10 thoughts on “Perspiration and Inspiration

  1. I really love where you went with this, Linda.

    As I wrote you yesterday (how interesting that is, juxtaposed with your post), I have little tolerance for hard physical labor. I never did have much, but now I have an aging body to go along with the basic intolerance. I am a very good starer out of windows. Reading your words about it makes me long to have that kind of exertion though. A wooden boat is a gorgeous thing, and this task has the elements of sensuality you describe so well.

    Maybe if I did not work during the day I would be able to dedicate myself to physical labor. I don’t know. I just know I’m out of shape, and at the end of the day I don’t have the will to work hard. Sometimes I run on our property for exercise.

    What I love most about this post is where you went with the creativity of those who labor. It reminds me of assumptions I had that got rattled reading Pablo Neruda – discovering that the people of Peru adored him – the working people of Peru. There are cultures where poetry is a given part of life.
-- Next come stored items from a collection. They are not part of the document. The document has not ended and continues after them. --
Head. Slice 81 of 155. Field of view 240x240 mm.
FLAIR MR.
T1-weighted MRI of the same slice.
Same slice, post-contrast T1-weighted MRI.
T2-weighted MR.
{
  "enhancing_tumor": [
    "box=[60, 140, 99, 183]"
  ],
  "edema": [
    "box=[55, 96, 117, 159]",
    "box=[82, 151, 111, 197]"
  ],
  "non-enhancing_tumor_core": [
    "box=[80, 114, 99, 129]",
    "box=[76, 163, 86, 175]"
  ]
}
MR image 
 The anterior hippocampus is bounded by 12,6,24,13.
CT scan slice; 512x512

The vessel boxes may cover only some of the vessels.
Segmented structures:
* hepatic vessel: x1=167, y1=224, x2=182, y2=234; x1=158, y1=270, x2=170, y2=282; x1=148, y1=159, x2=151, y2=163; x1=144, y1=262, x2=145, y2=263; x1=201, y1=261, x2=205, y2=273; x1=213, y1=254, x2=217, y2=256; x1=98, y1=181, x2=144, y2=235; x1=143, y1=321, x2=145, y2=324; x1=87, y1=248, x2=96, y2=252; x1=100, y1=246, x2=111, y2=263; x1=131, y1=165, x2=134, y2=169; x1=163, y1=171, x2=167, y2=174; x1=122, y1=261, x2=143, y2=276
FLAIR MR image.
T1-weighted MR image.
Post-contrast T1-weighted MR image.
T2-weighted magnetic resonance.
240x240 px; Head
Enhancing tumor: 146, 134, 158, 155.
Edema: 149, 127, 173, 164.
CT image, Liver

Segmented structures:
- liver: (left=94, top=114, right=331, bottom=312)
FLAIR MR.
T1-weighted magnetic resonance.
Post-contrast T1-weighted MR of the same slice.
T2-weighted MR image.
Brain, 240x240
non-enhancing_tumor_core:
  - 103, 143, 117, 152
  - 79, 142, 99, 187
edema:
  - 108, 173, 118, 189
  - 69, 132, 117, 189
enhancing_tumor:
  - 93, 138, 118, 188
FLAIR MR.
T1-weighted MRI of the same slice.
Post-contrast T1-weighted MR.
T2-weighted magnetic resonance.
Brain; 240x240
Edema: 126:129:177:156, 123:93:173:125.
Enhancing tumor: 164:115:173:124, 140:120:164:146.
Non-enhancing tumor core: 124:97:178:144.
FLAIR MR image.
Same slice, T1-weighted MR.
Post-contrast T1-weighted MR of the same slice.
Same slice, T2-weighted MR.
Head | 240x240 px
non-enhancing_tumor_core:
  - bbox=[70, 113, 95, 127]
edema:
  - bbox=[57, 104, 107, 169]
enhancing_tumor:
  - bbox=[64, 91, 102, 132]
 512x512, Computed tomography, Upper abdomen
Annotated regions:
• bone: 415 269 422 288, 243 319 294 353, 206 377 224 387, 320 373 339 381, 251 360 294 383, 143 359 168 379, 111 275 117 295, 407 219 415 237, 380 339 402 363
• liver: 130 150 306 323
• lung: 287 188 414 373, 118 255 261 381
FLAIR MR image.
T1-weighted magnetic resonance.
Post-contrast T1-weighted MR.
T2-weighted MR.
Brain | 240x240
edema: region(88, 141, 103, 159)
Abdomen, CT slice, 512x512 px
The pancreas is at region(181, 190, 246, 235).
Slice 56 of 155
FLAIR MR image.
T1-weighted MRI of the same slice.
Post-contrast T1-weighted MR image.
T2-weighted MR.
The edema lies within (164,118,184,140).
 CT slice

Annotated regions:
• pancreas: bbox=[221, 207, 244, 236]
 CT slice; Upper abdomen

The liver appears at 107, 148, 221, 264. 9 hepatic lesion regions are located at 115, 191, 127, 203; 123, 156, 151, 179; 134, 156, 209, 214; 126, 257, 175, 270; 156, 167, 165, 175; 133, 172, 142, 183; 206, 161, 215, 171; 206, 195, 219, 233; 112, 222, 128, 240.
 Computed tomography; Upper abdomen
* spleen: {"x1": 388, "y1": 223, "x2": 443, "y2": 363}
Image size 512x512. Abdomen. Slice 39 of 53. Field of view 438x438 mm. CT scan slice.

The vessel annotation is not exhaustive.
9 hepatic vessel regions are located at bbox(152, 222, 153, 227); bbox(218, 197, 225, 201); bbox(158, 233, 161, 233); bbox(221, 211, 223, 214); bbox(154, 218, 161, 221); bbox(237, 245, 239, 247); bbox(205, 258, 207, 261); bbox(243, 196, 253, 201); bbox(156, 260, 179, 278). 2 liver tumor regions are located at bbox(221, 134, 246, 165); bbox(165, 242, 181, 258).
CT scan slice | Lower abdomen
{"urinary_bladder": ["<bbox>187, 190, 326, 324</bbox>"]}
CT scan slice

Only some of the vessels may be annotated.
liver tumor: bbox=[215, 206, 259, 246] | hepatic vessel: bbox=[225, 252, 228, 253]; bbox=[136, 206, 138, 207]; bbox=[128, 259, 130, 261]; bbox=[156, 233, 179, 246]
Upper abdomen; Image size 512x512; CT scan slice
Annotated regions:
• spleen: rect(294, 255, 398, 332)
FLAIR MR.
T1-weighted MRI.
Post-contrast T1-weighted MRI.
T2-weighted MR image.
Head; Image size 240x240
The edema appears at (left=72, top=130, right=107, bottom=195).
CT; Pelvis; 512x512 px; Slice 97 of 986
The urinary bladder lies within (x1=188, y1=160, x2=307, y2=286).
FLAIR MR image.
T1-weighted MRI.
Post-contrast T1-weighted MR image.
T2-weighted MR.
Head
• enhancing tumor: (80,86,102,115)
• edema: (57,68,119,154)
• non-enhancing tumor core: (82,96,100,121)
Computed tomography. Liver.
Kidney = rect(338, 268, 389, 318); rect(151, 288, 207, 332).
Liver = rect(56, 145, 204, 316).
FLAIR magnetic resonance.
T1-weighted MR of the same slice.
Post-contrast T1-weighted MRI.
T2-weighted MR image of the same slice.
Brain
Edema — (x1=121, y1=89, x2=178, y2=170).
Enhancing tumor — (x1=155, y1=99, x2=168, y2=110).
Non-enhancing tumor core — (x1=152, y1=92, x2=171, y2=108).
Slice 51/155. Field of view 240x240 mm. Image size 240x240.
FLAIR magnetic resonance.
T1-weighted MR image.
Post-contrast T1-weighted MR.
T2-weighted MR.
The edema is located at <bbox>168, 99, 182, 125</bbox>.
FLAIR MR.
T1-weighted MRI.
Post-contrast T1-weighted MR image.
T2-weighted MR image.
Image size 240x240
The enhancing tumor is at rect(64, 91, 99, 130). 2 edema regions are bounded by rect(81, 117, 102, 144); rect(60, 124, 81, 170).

Even if they didn’t have the energy left to write it, they valued it, and the writer.

    I often tell my student advisees to get out and work if they want to write. Don’t go to some college’s creative writing MFA program and sit and write. Go work, gather the material of life and write about it.

    Thank you for this – wonderful.

    Ruth,

    Isn’t it ironic? While you’re involved with people, words, and thought during the day and find it difficult to engage in physical tasks at its end, I spend my time in physical labor during the day and then try to keep a creative focus at night. Those pesky issues of balance and rhythm keep coming back, don’t they? It’s no wonder I keep re-reading Anne Morrow Lindberg’s Gift from the Sea. She’s still one of the best at probing the issues.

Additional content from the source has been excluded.